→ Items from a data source
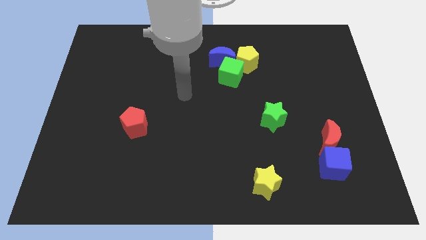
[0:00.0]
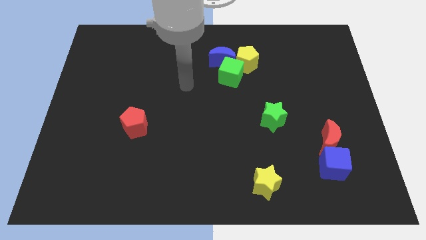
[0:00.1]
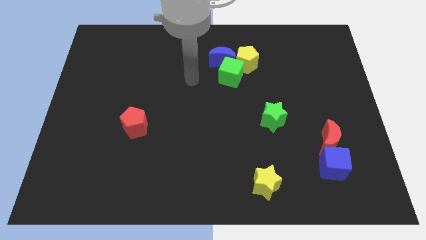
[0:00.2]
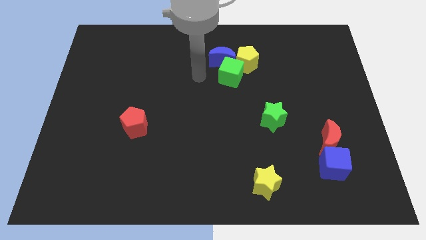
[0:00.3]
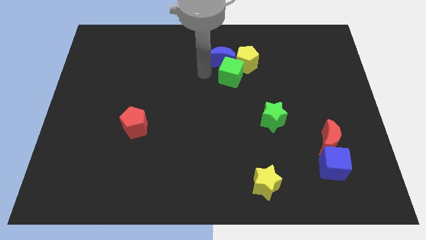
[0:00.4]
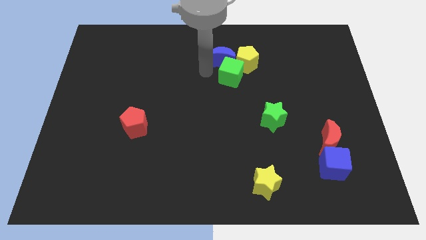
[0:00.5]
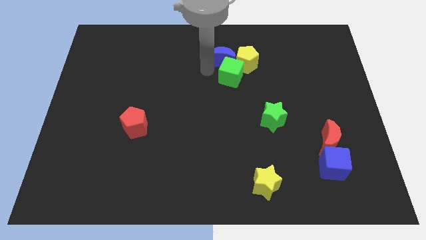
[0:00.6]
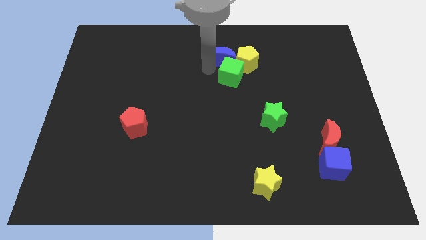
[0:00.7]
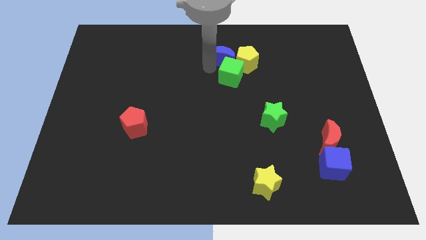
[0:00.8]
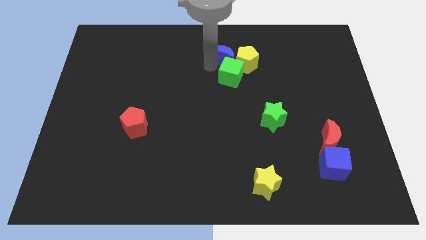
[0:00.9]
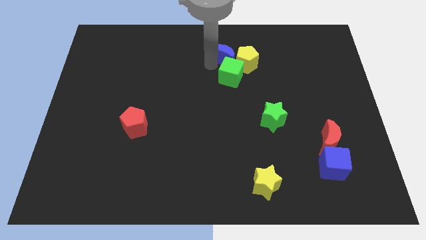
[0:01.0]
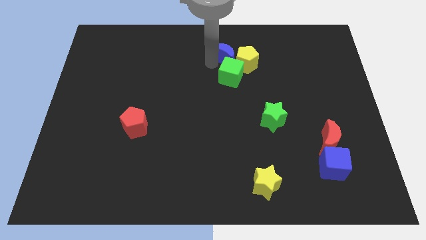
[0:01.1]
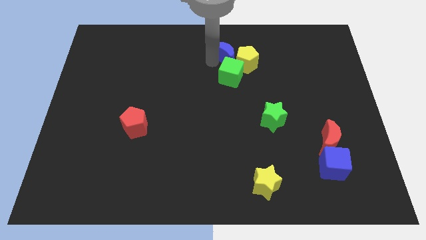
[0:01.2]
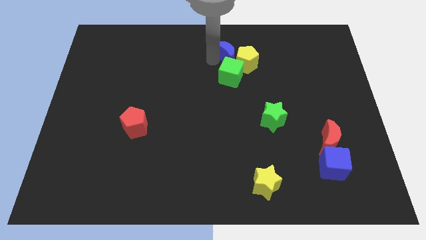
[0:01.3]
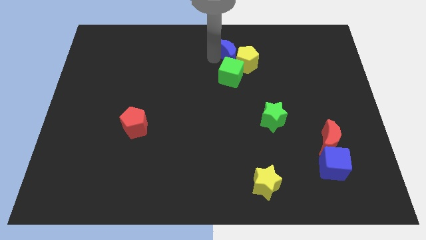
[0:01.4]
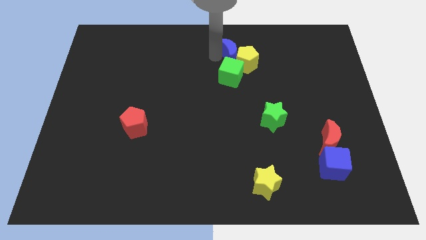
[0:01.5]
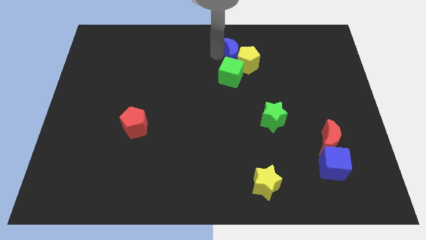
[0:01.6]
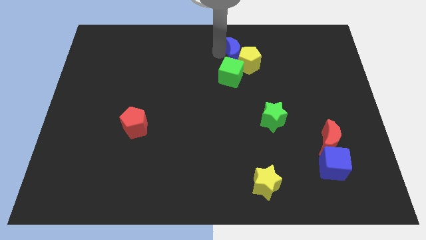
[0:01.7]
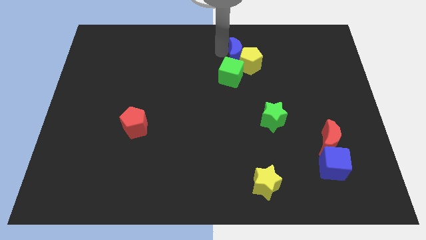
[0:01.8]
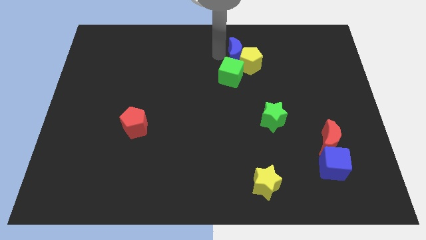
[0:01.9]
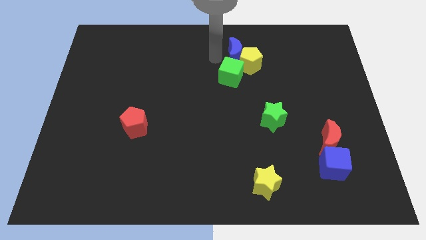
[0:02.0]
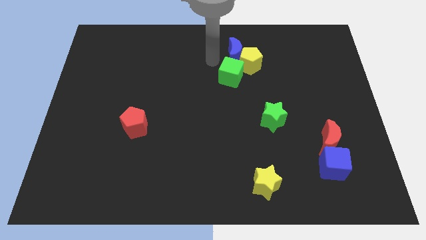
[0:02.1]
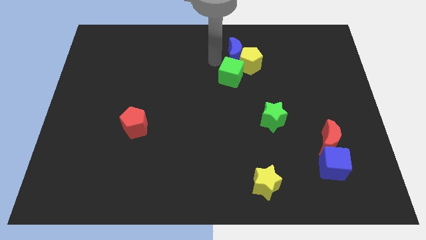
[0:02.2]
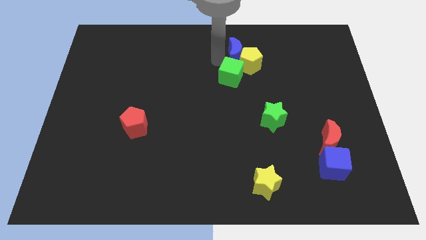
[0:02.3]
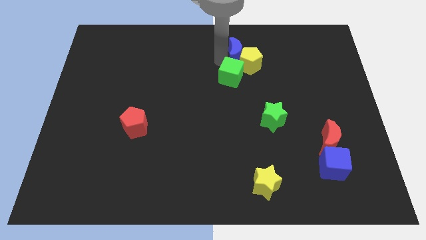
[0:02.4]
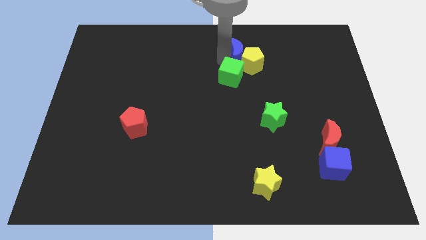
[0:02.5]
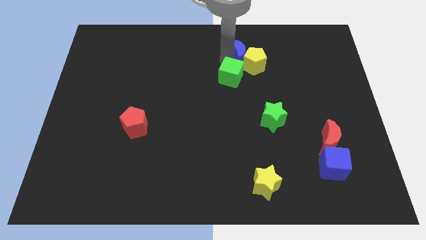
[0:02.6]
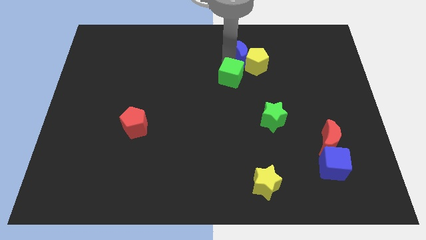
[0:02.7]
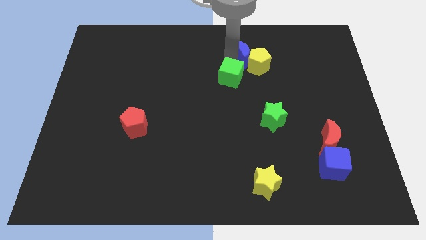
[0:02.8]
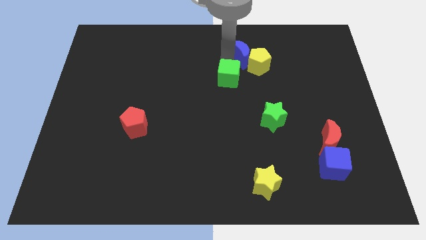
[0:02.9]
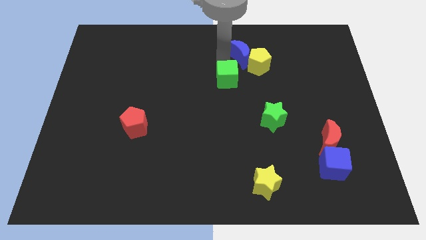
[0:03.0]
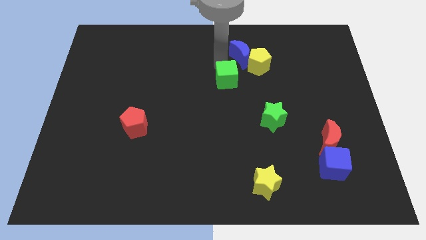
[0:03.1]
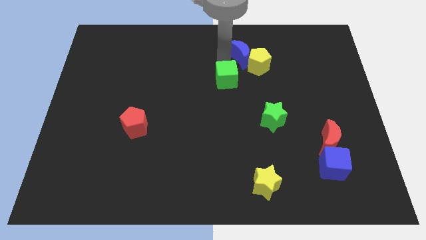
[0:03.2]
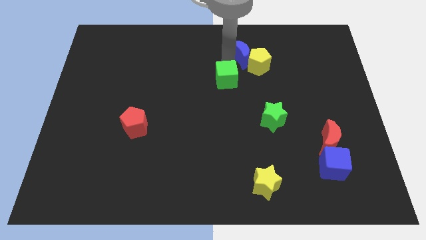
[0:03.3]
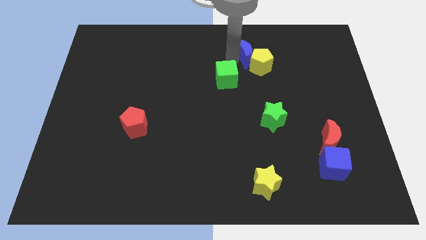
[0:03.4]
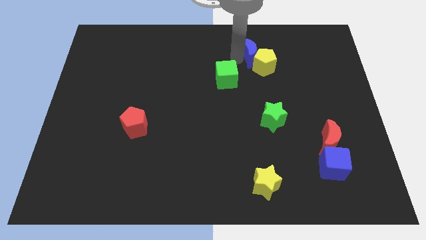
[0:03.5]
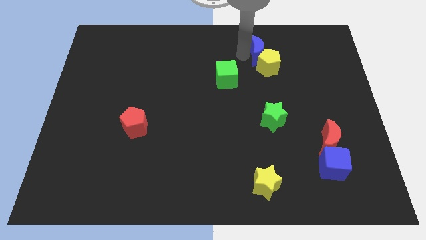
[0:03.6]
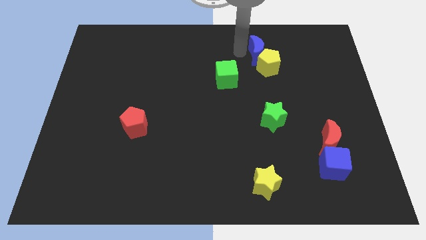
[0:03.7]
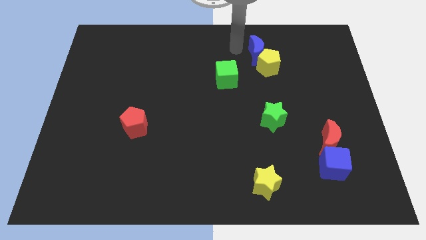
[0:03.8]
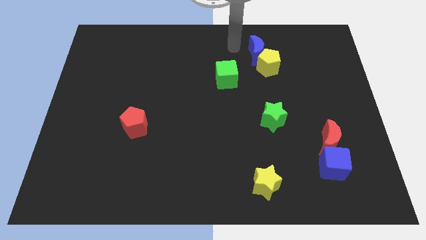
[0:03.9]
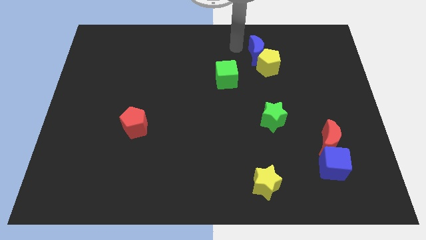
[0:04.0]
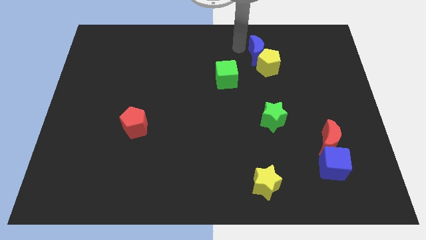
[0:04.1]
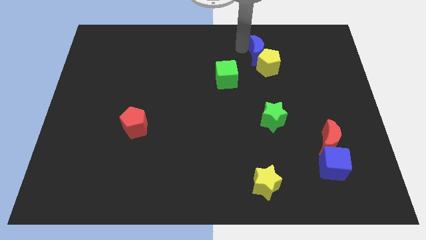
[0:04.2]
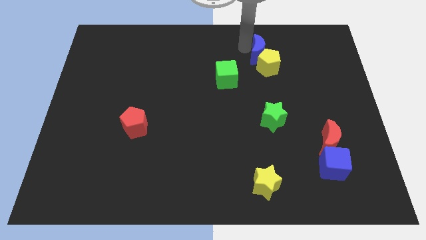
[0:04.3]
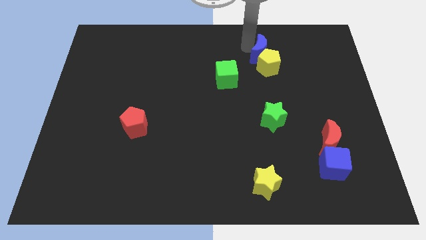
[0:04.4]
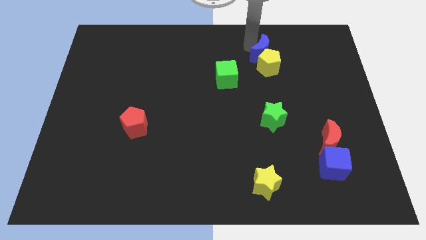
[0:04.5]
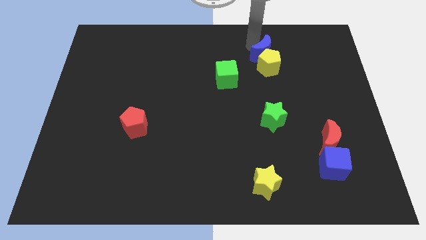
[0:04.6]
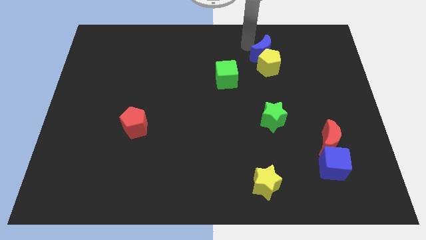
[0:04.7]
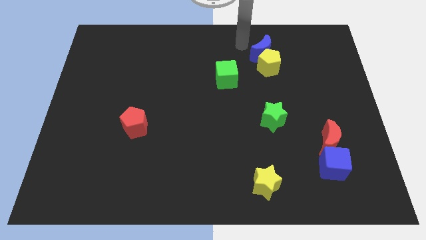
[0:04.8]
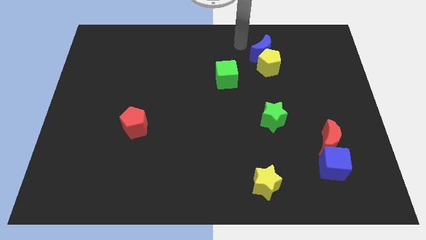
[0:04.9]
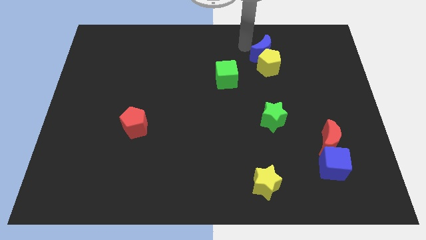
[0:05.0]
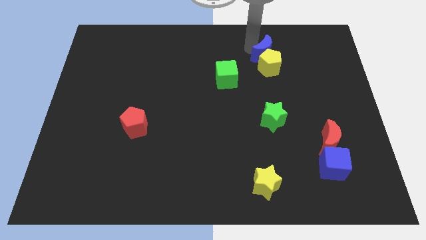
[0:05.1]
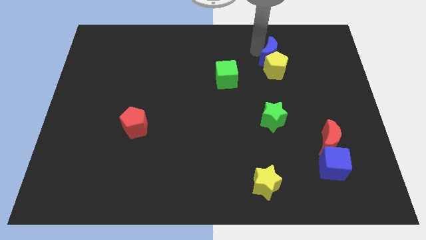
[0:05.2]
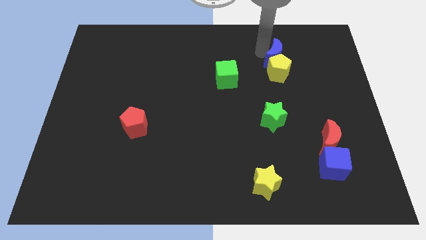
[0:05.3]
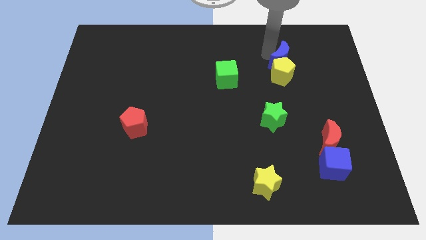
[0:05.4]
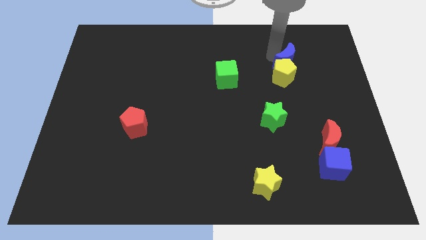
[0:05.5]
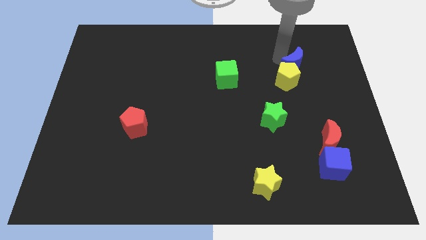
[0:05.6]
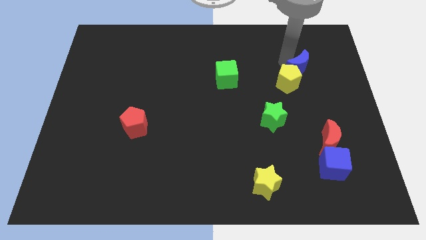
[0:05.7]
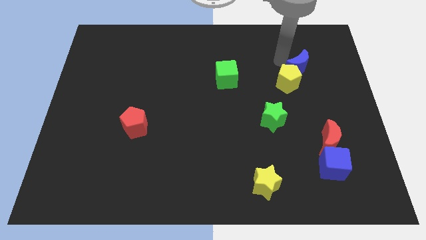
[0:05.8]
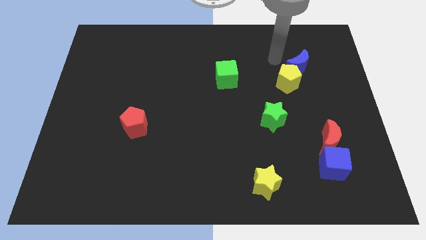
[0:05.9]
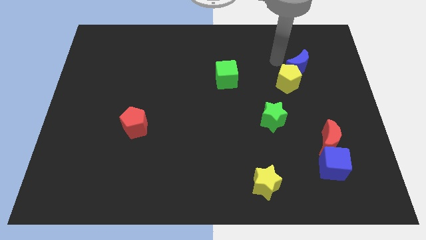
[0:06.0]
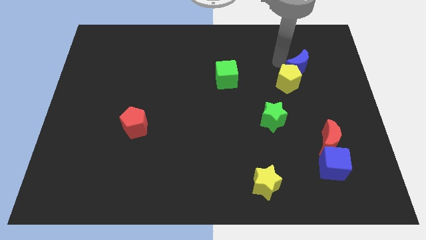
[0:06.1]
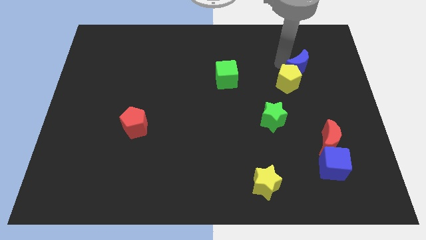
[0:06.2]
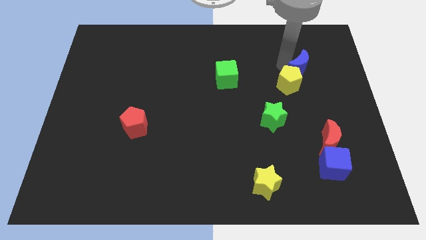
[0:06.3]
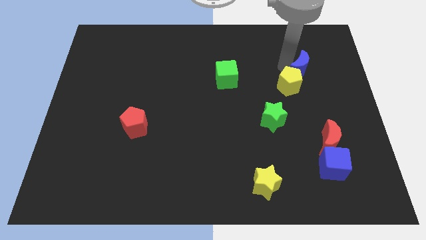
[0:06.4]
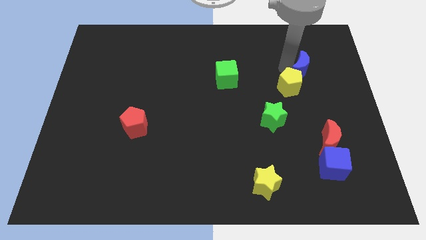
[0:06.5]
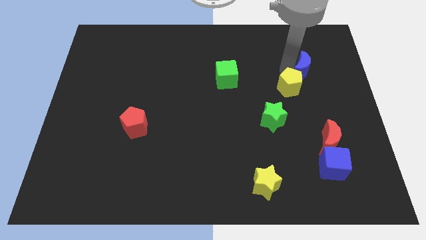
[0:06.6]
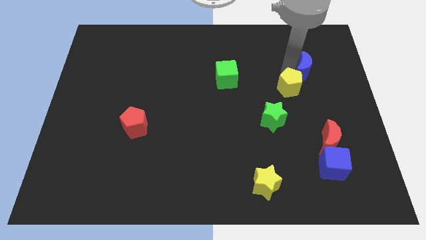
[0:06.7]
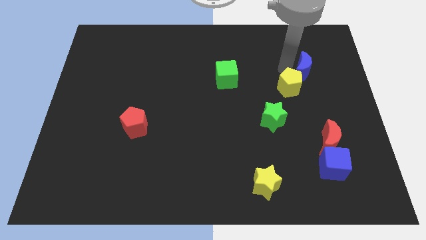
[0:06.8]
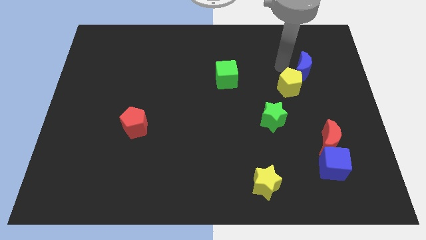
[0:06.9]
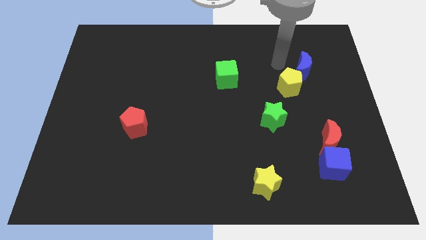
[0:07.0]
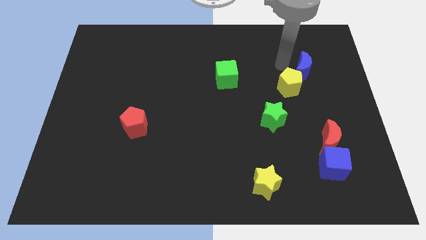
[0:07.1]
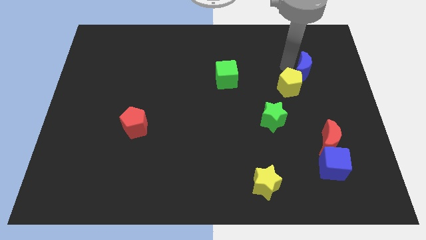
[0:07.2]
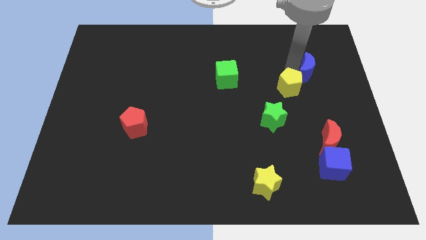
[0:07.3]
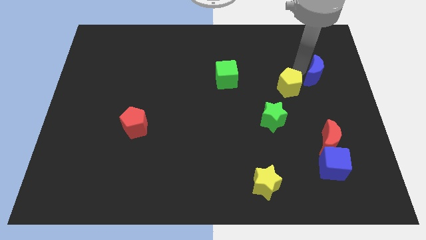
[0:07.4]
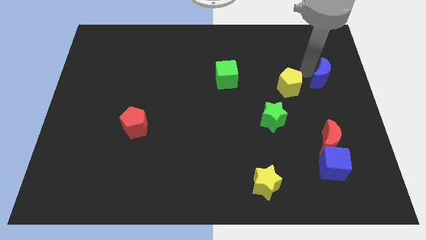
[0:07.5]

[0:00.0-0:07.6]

→ What is expected
Make an exact copy of the records above, with the pictures left out.

→ Output of the exercise
[0:00.0]
[0:00.1]
[0:00.2]
[0:00.3]
[0:00.4]
[0:00.5]
[0:00.6]
[0:00.7]
[0:00.8]
[0:00.9]
[0:01.0]
[0:01.1]
[0:01.2]
[0:01.3]
[0:01.4]
[0:01.5]
[0:01.6]
[0:01.7]
[0:01.8]
[0:01.9]
[0:02.0]
[0:02.1]
[0:02.2]
[0:02.3]
[0:02.4]
[0:02.5]
[0:02.6]
[0:02.7]
[0:02.8]
[0:02.9]
[0:03.0]
[0:03.1]
[0:03.2]
[0:03.3]
[0:03.4]
[0:03.5]
[0:03.6]
[0:03.7]
[0:03.8]
[0:03.9]
[0:04.0]
[0:04.1]
[0:04.2]
[0:04.3]
[0:04.4]
[0:04.5]
[0:04.6]
[0:04.7]
[0:04.8]
[0:04.9]
[0:05.0]
[0:05.1]
[0:05.2]
[0:05.3]
[0:05.4]
[0:05.5]
[0:05.6]
[0:05.7]
[0:05.8]
[0:05.9]
[0:06.0]
[0:06.1]
[0:06.2]
[0:06.3]
[0:06.4]
[0:06.5]
[0:06.6]
[0:06.7]
[0:06.8]
[0:06.9]
[0:07.0]
[0:07.1]
[0:07.2]
[0:07.3]
[0:07.4]
[0:07.5]

[0:00.0-0:07.6]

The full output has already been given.